:: PROBLEM DETAILS ::
Copy all lines below containing "opacity".

Stored dataset items
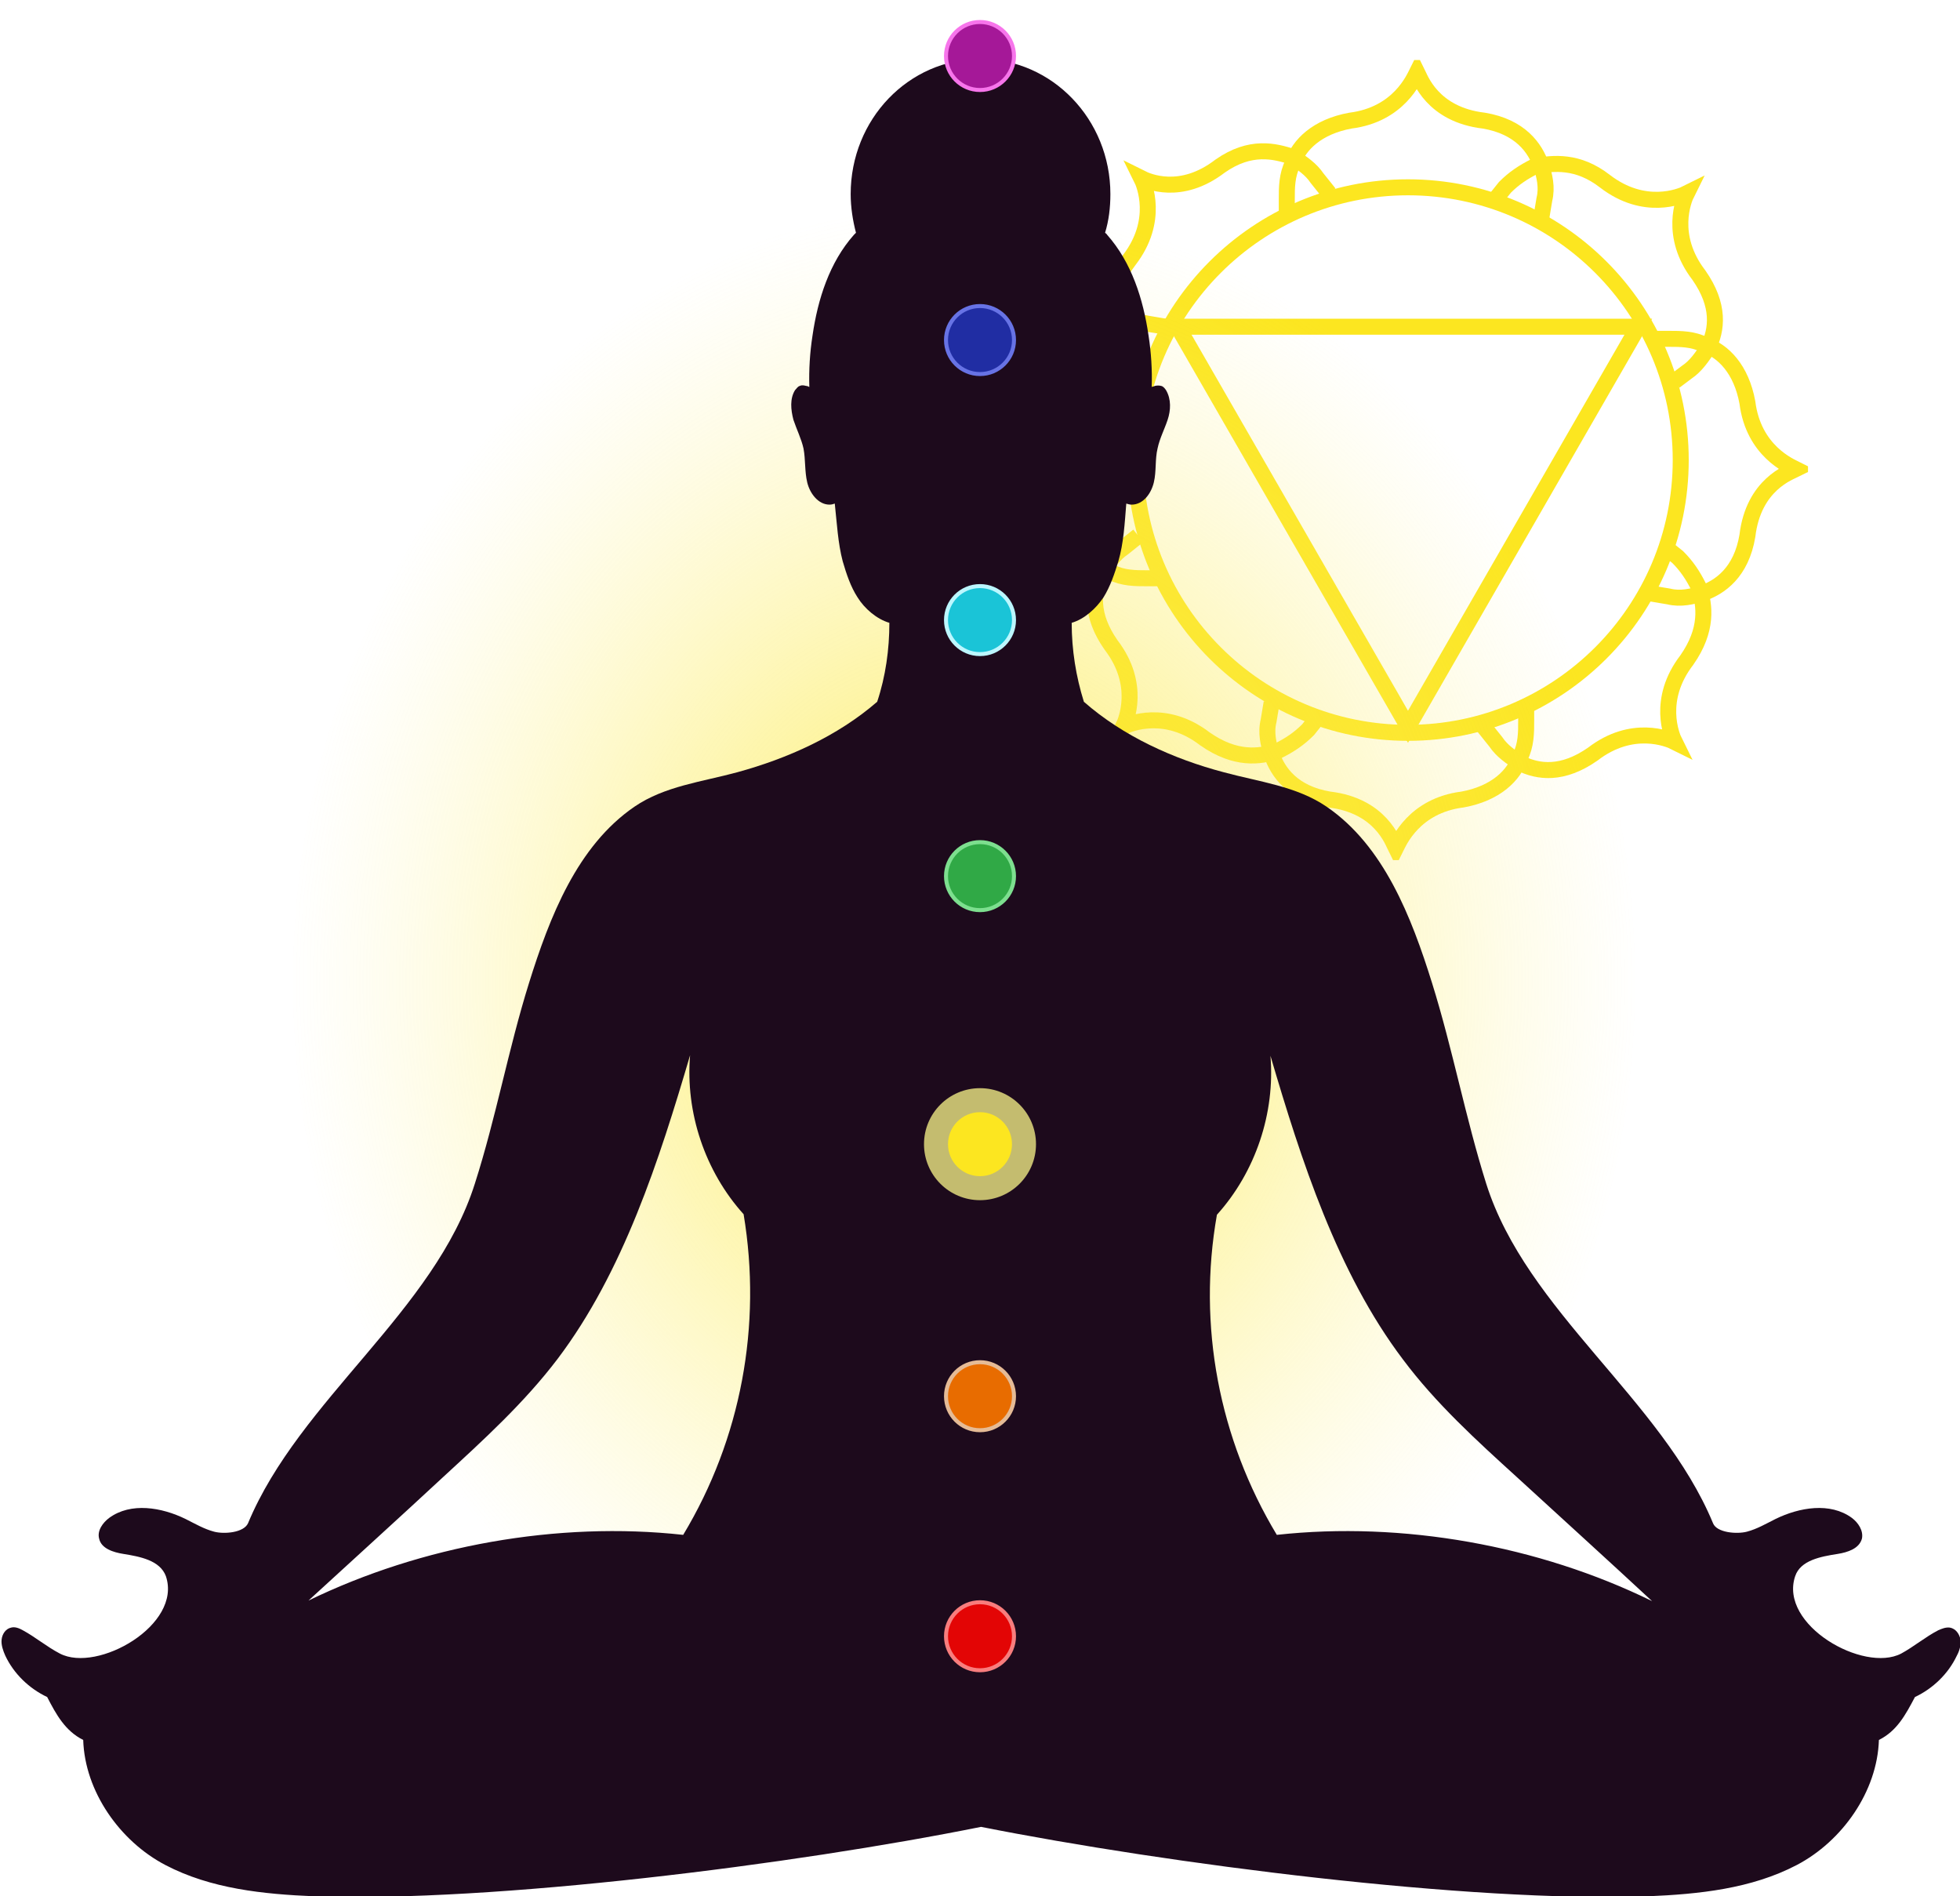 <svg width="490" height="474" viewBox="0 0 490 474" fill="none" xmlns="http://www.w3.org/2000/svg">
<g clip-path="url(#clip0_178_1192)">
<path d="M321.697 54.394V49.849C321.697 46.818 321.697 43.788 323.212 40.758C324.727 36.212 329.273 31.667 337.606 30.151C349.727 28.636 353.515 19.545 354.273 18.03C355.03 19.545 358.061 28.636 370.939 30.151C380.03 31.667 383.818 36.97 385.333 41.515C386.091 43.788 386.849 46.818 386.091 49.849L385.333 54.394" stroke="#FCE620" stroke-width="4" stroke-miterlimit="10"/>
<path d="M287.606 93.03L284.576 90C282.303 88.485 280.788 85.455 279.273 83.182C277.757 78.636 277 71.818 282.303 65C289.879 55.152 286.091 46.061 285.333 44.545C286.848 45.303 295.182 49.091 305.03 41.515C312.606 36.212 318.667 37.727 323.212 39.242C325.485 40.758 327.757 42.273 329.273 44.545L332.303 48.333" stroke="#FCE620" stroke-width="4" stroke-miterlimit="10"/>
<path d="M291.394 144.545H286.848C283.818 144.545 280.788 144.545 277.758 143.03C273.97 141.515 268.667 137.727 267.151 128.636C265.636 116.515 256.545 112.727 255.03 111.97C256.545 111.212 265.636 108.182 267.151 95.303C268.667 86.97 273.97 83.182 278.515 81.667C280.788 80.909 283.818 80.151 286.848 80.909L291.394 81.667" stroke="#FCE620" stroke-width="4" stroke-miterlimit="10"/>
<path d="M330.03 178.636L327 182.424C324.727 184.697 322.454 186.212 319.424 187.727C314.879 189.242 308.818 190 301.242 184.697C291.394 177.121 282.303 180.909 280.788 181.667C281.545 180.152 285.333 171.061 277.757 161.212C272.454 153.636 273.212 147.576 275.485 143.03C277 140.758 278.515 138.485 280.788 136.97L284.576 133.939" stroke="#FCE620" stroke-width="4" stroke-miterlimit="10"/>
<path d="M381.545 175.606V180.151C381.545 183.182 381.545 186.212 380.03 189.242C378.515 193.788 373.97 198.333 365.636 199.848C353.515 201.364 349.727 210.454 348.97 211.97C348.212 210.454 345.182 201.364 332.303 199.848C323.212 198.333 319.424 193.03 317.909 188.485C317.151 186.212 316.394 183.182 317.151 180.151L317.909 175.606" stroke="#FCE620" stroke-width="4" stroke-miterlimit="10"/>
<path d="M415.636 136.212L419.424 139.242C421.697 141.515 423.212 143.788 424.727 146.818C426.242 151.364 427 157.424 421.697 165C414.121 174.849 417.909 183.939 418.667 185.455C417.152 184.697 408.061 180.909 398.212 188.485C390.636 193.788 384.576 193.03 380.03 190.758C377.758 189.242 375.485 187.727 373.97 185.455L370.939 181.667" stroke="#FCE620" stroke-width="4" stroke-miterlimit="10"/>
<path d="M412.606 84.697H417.151C420.182 84.697 423.212 84.697 426.242 86.212C430.788 87.727 435.333 92.273 436.848 100.606C438.364 112.727 447.454 116.515 448.97 117.273C447.454 118.03 438.364 121.061 436.848 133.939C435.333 143.03 430.03 146.818 425.485 148.333C423.212 149.091 420.182 149.849 417.151 149.091L412.606 148.333" stroke="#FCE620" stroke-width="4" stroke-miterlimit="10"/>
<path d="M373.212 50.606L376.242 46.818C378.515 44.545 380.788 43.03 383.818 41.515C388.364 40.758 394.424 40 401.242 45.303C411.091 52.879 420.182 49.091 421.697 48.333C420.939 49.849 417.152 58.939 424.727 68.788C430.03 76.364 429.273 82.424 427 86.97C425.485 89.243 423.97 91.515 421.697 93.03L418.667 95.303" stroke="#FCE620" stroke-width="4" stroke-miterlimit="10"/>
<path d="M352 183.182C389.656 183.182 420.182 152.656 420.182 115C420.182 77.344 389.656 46.818 352 46.818C314.344 46.818 283.818 77.344 283.818 115C283.818 152.656 314.344 183.182 352 183.182Z" stroke="#FCE620" stroke-width="4" stroke-miterlimit="10"/>
<path d="M352 181.667L323.212 131.667L294.424 81.667H352H409.576L380.788 131.667L352 181.667Z" stroke="#FCE620" stroke-width="4" stroke-miterlimit="10"/>
</g>
<g filter="url(#filter0_f_178_1192)">
<ellipse cx="241" cy="245.5" rx="168" ry="194.5" fill="url(#paint0_radial_178_1192)" fill-opacity="0.8" style="mix-blend-mode:screen"/>
</g>
<g clip-path="url(#clip1_178_1192)">
<path d="M487.483 406.839C486.422 406.707 485.495 407.104 484.567 407.501C481.255 409.223 478.472 411.608 475.292 413.33C465.884 418.231 444.684 406.177 448.791 393.99C450.116 390.016 455.152 389.088 459.392 388.426C461.909 388.029 464.824 387.101 465.487 384.584C465.884 382.597 464.559 380.61 462.969 379.418C457.537 375.444 449.851 376.769 443.889 379.683C441.504 380.875 439.251 382.2 436.733 382.862C434.216 383.525 429.181 383.127 428.253 380.743C415.4 349.746 381.612 327.756 371.541 295.831C366.374 279.405 363.194 262.317 358.026 245.758C352.858 229.2 345.968 211.449 331.658 201.647C324.105 196.481 314.697 195.421 305.952 193.036C293.364 189.725 280.776 184.029 270.971 175.418C268.983 169.06 267.923 162.436 267.923 155.681C271.103 154.753 274.018 152.104 275.874 149.322C277.596 146.54 278.656 143.361 279.584 140.314C280.909 135.81 281.174 130.777 281.571 125.875C281.969 126.008 282.499 126.14 282.896 126.14C285.811 126.14 287.799 123.358 288.461 120.577C289.124 117.795 288.726 114.881 289.389 112.099C289.919 109.582 291.111 107.33 291.906 104.945C292.702 102.561 292.834 99.779 291.509 97.527C291.244 97.13 290.846 96.6 290.316 96.468C289.786 96.335 289.256 96.335 288.726 96.468C288.461 96.6 288.196 96.6 287.931 96.733C288.064 92.494 287.799 88.122 287.136 83.883C285.811 74.743 282.896 65.603 276.801 58.714C276.669 58.449 276.404 58.317 276.271 58.184C277.199 55.138 277.596 51.959 277.596 48.514C277.596 29.836 263.021 14.735 245.133 14.735C227.112 14.735 212.669 29.836 212.669 48.514C212.669 51.826 213.199 55.138 213.994 58.184C213.862 58.317 213.597 58.582 213.464 58.714C207.369 65.603 204.454 74.743 203.129 83.883C202.466 88.122 202.201 92.494 202.334 96.733C202.069 96.6 201.804 96.468 201.539 96.468C201.009 96.335 200.479 96.203 199.949 96.468C199.419 96.6 199.154 97.13 198.756 97.527C197.431 99.647 197.696 102.429 198.359 104.945C199.154 107.33 200.346 109.714 200.876 112.099C201.406 114.881 201.141 117.795 201.804 120.577C202.466 123.358 204.586 126.14 207.369 126.14C207.899 126.14 208.296 126.008 208.694 125.875C209.224 130.777 209.489 135.81 210.682 140.314C211.609 143.494 212.669 146.673 214.392 149.322C216.114 152.104 219.162 154.753 222.342 155.681C222.342 162.304 221.414 169.06 219.294 175.418C209.356 184.029 196.901 189.592 184.313 193.036C175.568 195.421 166.16 196.481 158.607 201.647C144.297 211.449 137.407 229.2 132.239 245.758C127.071 262.317 124.024 279.273 118.724 295.831C108.653 327.756 74.865 349.878 62.012 380.743C60.952 383.127 56.049 383.525 53.532 382.862C51.014 382.2 48.761 380.875 46.377 379.683C40.414 376.769 32.728 375.444 27.296 379.418C25.706 380.61 24.248 382.597 24.778 384.584C25.308 387.101 28.356 388.029 30.873 388.426C34.981 389.088 40.016 390.016 41.474 393.99C45.581 406.177 24.381 418.231 14.973 413.33C11.66 411.608 8.878 409.223 5.698 407.501C4.77 406.971 3.71 406.574 2.783 406.839C1.458 407.104 0.53 408.429 0.398 409.886C0.265 411.21 0.795 412.668 1.325 413.86C3.445 418.364 7.288 422.073 11.793 424.192C14.046 428.564 16.298 432.67 20.803 434.922C21.201 447.771 29.946 460.223 41.341 466.184C52.737 472.146 65.855 473.47 78.575 474C123.229 475.59 198.491 466.052 245.265 456.647C292.039 465.92 367.301 475.59 411.955 474C424.676 473.47 437.793 472.146 449.189 466.184C460.584 460.223 469.329 447.771 469.727 434.922C474.232 432.67 476.352 428.696 478.737 424.192C483.242 422.073 487.085 418.364 489.205 413.86C489.868 412.668 490.265 411.21 490.133 409.886C489.868 408.429 488.94 407.104 487.483 406.839ZM170.798 383.657C139.394 380.213 105.473 386.307 77.117 400.083C88.38 389.751 99.643 379.551 110.773 369.218C120.844 359.945 131.047 350.673 139.394 339.678C155.825 317.953 164.835 289.87 172.52 263.774C171.328 278.081 176.23 292.784 185.903 303.514C190.541 331.333 185.241 359.681 170.798 383.657ZM319.202 383.657C304.759 359.681 299.327 331.332 304.229 303.647C313.902 292.917 318.805 278.213 317.612 263.907C325.298 290.003 334.308 318.086 350.738 339.81C358.954 350.805 369.156 360.078 379.359 369.351C390.622 379.683 401.885 389.883 413.015 400.216C384.659 386.307 350.606 380.213 319.202 383.657Z" fill="#1D0A1C"/>
</g>
<circle cx="245" cy="85" r="8.5" fill="#202DA3" stroke="#6773E5"/>
<circle cx="245" cy="155" r="8.5" fill="#1AC4D7" stroke="#BCF7FF"/>
<circle cx="245" cy="219" r="8.5" fill="#30A946" stroke="#7DDF8F"/>
<g filter="url(#filter1_f_178_1192)">
<circle cx="245" cy="286" r="14" fill="#C4BC6F"/>
</g>
<circle cx="245" cy="286" r="8.5" fill="#FCE620" stroke="#C4BC6F"/>
<circle cx="245" cy="349" r="8.5" fill="#E86C00" stroke="#E5BB96"/>
<circle cx="245" cy="409" r="8.5" fill="#E30505" stroke="#F87D7D"/>
<circle cx="245" cy="14" r="8.5" fill="#A51898" stroke="#F775EB"/>
<defs>
<filter id="filter0_f_178_1192" x="54.2" y="32.2" width="373.6" height="426.6" filterUnits="userSpaceOnUse" color-interpolation-filters="sRGB">
<feFlood flood-opacity="0" result="BackgroundImageFix"/>
<feBlend mode="normal" in="SourceGraphic" in2="BackgroundImageFix" result="shape"/>
<feGaussianBlur stdDeviation="9.4" result="effect1_foregroundBlur_178_1192"/>
</filter>
<filter id="filter1_f_178_1192" x="221.6" y="262.6" width="46.8" height="46.8" filterUnits="userSpaceOnUse" color-interpolation-filters="sRGB">
<feFlood flood-opacity="0" result="BackgroundImageFix"/>
<feBlend mode="normal" in="SourceGraphic" in2="BackgroundImageFix" result="shape"/>
<feGaussianBlur stdDeviation="4.7" result="effect1_foregroundBlur_178_1192"/>
</filter>
<radialGradient id="paint0_radial_178_1192" cx="0" cy="0" r="1" gradientUnits="userSpaceOnUse" gradientTransform="translate(241 245.5) rotate(90) scale(194.5 168)">
<stop stop-color="#FCE620"/>
<stop offset="1" stop-color="#FCF085" stop-opacity="0"/>
</radialGradient>
<clipPath id="clip0_178_1192">
<rect width="200" height="200" fill="white" transform="translate(252 15)"/>
</clipPath>
<clipPath id="clip1_178_1192">
<rect width="490" height="459" fill="white" transform="translate(0 15)"/>
</clipPath>
</defs>
</svg>

:: ANSWER ::
<ellipse cx="241" cy="245.5" rx="168" ry="194.5" fill="url(#paint0_radial_178_1192)" fill-opacity="0.8" style="mix-blend-mode:screen"/>
<feFlood flood-opacity="0" result="BackgroundImageFix"/>
<feFlood flood-opacity="0" result="BackgroundImageFix"/>
<stop offset="1" stop-color="#FCF085" stop-opacity="0"/>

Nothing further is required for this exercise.